Abakhan was a commercial case, where the defendants structured their affairs in a certain way before engaging in a new business venture. In Mawdsley v. Meshen, 2012 BCCA 91, the court considered application of the post-Abakhan FCA to estate planning. Specifically, the court considered and and rejected two arguments: (1) that effect of a transaction - defeating creditors - is sufficient to invalidate the transaction under the FCA without proof of intent to defeat creditors; and, (2) that the FCA should apply to invalidate inter vivos transactions intended to defeat future claims under the Wills Variation Act.

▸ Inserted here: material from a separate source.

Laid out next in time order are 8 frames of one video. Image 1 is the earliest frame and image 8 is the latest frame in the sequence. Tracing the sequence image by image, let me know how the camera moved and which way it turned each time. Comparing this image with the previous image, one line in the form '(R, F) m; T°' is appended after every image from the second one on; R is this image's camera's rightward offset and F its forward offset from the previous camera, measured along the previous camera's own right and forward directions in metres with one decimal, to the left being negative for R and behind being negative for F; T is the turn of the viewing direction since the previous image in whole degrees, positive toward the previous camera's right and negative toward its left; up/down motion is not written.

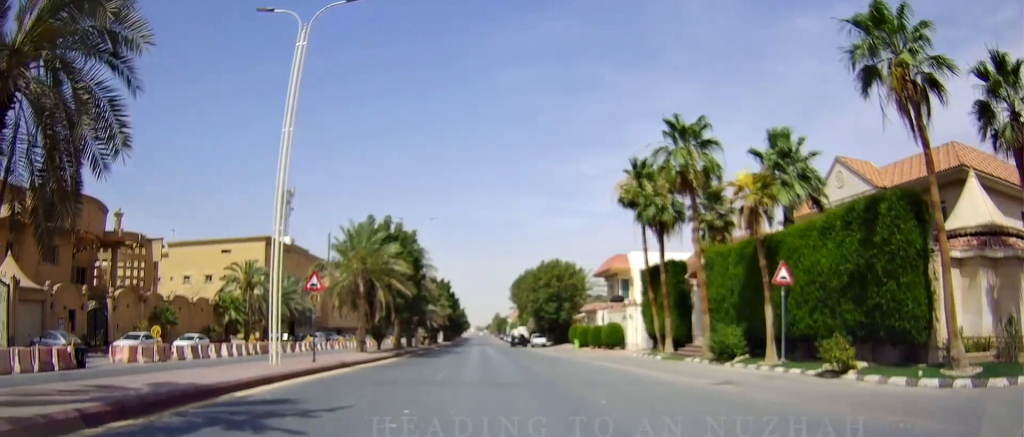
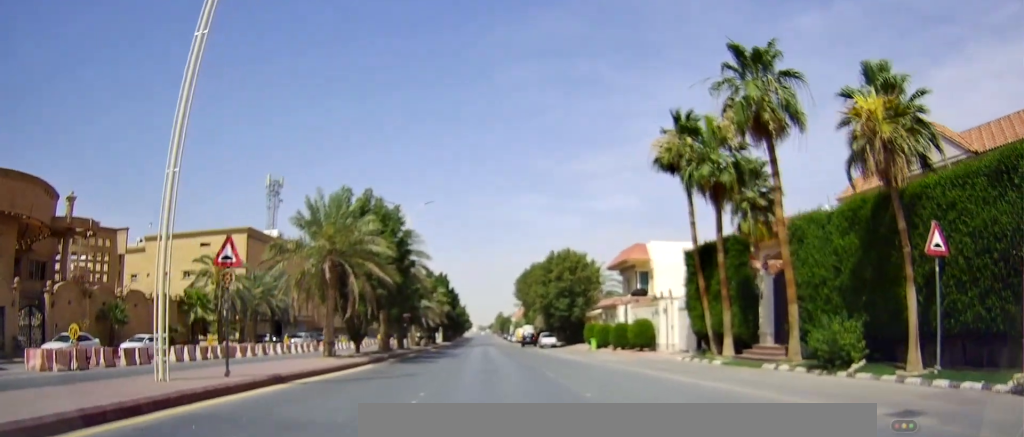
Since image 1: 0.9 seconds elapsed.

Firstly, the court considered whether to invalidate a transaction under the FCA, the claimant needs to prove that the transferor actually intended to "delay, hinder or defraud creditors or others", or whether it would be sufficient to simply prove that the transaction has such effect. The court rejected the latter approach, finding that intent had to be proven, whether directly or by inference:
 I do not agree ... that Braydon did away with the requirement of intention on the part of the transferor for the FCA to apply. In some cases, of course, that intention may be inferred from the effect of the transaction, and indeed a presumption may arise in some circumstances from that effect. If there is no credible evidence to the contrary, the FCA may be satisfied; but there is no rule of law that in every case, an intention to defeat creditors must be inferred from the effect of the impugned transaction. As Freedman J.A. stated in Mandryk, evidence that the effect of the impugned transfer was to defeat or delay creditors “is not conclusive.”Secondly, the court considered whether the FCA applied to parties structuring their affairs to avoid the operation of the WVA - e.g., transferring assets into an alter ego trust. The court decided that there was no reason to disturb the well-established principles from Hossay v. Newman, which provide a claimant under WVA is not a "creditor or other" entitled to claim under the FCA unless he or she had a legal or equitable claim against the deceased prior to his death. As Newbury J.A. explained:
 ... given that the broad and uncertain consequences such a change would involve, it would be for the Legislature rather than a court of law to do so.The rationale for this decision, surprisingly emotional, is also worthy of note:
 This argument may conform to one’s moral sense in a particular case, but as has been seen, no case has gone so far as to suggest that “creditors and others” in the FCA includes a person who has no claim at the time of the transfer in question ‒ or for that matter, during the transferor’s lifetime. The implications of so interpreting the phrase would be enormous. Persons qualifying as spouses or children under the WVA would be entitled, at least prima facie, to challenge every disposition of property, whether for valuable consideration or not, made by their spouse or parent during his or her lifetime, and even to seek to prevent such dispositions by court action. The courts would find themselves assessing the consequences of various forms of transfers, including dispositions in the course of business, dispositions carried out years earlier and dispositions proposed to be carried out in the future, all in the name of protecting “moral” obligations that cannot truly be judged until the parent or spouse has lived his or her life and died leaving an estate and a will. I cannot imagine that courts should take on this role of arbiter of personal and business decisions throughout a parent or spouse’s lifetime without the Legislature’s clearly directing us to do so.